The Expedited Appeals Review Act (EARA) aims to speed up the resolution of appeals to the Board of Land Appeals regarding Department of the Interior decisions, setting a 6-month deadline for the Board to issue a final decision.
Harriet Hageman
Representative
WY
The Expedited Appeals Review Act (EARA) aims to expedite the resolution of appeals to the Board of Land Appeals regarding Department of the Interior decisions. It allows parties to request an expedited review, mandating the Board to issue a final decision within 6 months of the written notice, but no earlier than 18 months after the initial appeal filing. Failure by the Board to meet this deadline results in the Department of the Interior's decision being considered a final agency action, subject to judicial review. This Act prioritizes these timelines over conflicting deadlines in other laws.
The "Expedited Appeals Review Act," or EARA, is looking to shake up how long you might wait for a decision if you're appealing something to the Department of the Interior's (DOI) Board of Land Appeals. We're talking about disputes over public lands, mining, and resources, the kind of stuff handled by the Board under rules like 43 CFR 4.1(b)(2). The main idea of Section 2 of this bill is to let folks request a speedier review. If you do, the Board is supposed to give you a final answer within six months of your written request. But here’s the catch: you can't even ask for this "expedited" review until at least 18 months after you first filed your appeal. So, it’s an attempt to put a deadline on decisions, but not exactly an overnight fix.
So, how does this new process actually work if this bill becomes law? Imagine you've filed an appeal with the Board of Land Appeals (think of them as the DOI's internal judges). Under EARA, as laid out in Section 2(a), you'd have to wait a year and a half. Then, you can officially ask for the expedited six-month clock to start ticking for your decision. If the Board doesn't make that six-month deadline, Section 2(b) kicks in with a pretty big consequence: the original DOI decision you were appealing automatically becomes what's called a "final agency action." This is jargon for "you can now sue in federal court," as per 5 U.S.C. 704. And here's the kicker: the court would review your case de novo – meaning, they start from scratch, looking at all the facts and law fresh, not just checking the Board's homework. This is a big shift because it overrides the usual standard for reviewing agency decisions found in 5 U.S.C. 706. This whole setup applies to appeals already in the pipeline and any new ones filed after the bill passes.

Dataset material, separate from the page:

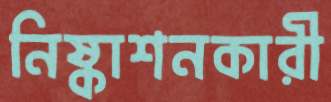
নিষ্কাশনকারী

This bill could mean different things for different players. If you're the one appealing – maybe a small business waiting on a land permit, or an environmental group challenging a project – EARA offers a potential light at the end of a long tunnel. That six-month deadline (once it finally kicks in) and the "de novo review" escape hatch if the Board is too slow (Sec 2(b)) could be good news. However, that initial 18-month waiting period (Sec 2(a)) is still a hefty chunk of time, so "expedited" is relative. For the Board of Land Appeals itself, this means more pressure. They’ll need to manage their caseload to hit these new deadlines or risk their decisions being bypassed. And for the Department of the Interior, if the Board fumbles the timeline, the DOI's original decisions could face a full, fresh court battle sooner than they might otherwise.
There's another layer here: Section 2(d) of EARA states that its new timeline trumps certain existing appeal deadlines for specific issues, like those for federal oil and gas royalty appeals (under 30 U.S.C. 1724(h)) or surface coal mining appeals (under 30 U.S.C. 1275(b)), if an EARA expedited review is requested. This means EARA aims to be the new standard for these faster-track appeals. But let's be real, there are practical questions. Can the Board of Land Appeals, which likely already has a backlog, realistically meet these six-month deadlines after an 18-month lead-up? Will it lead to better, faster decisions, or could it mean rushed ones, or just more cases heading for that de novo court review? And that de novo review itself is a double-edged sword. While it gives appellants a fresh start, it also means federal courts, which might not have the deep, specialized knowledge of the Board on complex land and resource issues, would be making these calls from the ground up. That's a significant shift in how these disputes are typically resolved and could reduce the role of agency expertise if deadlines are frequently missed.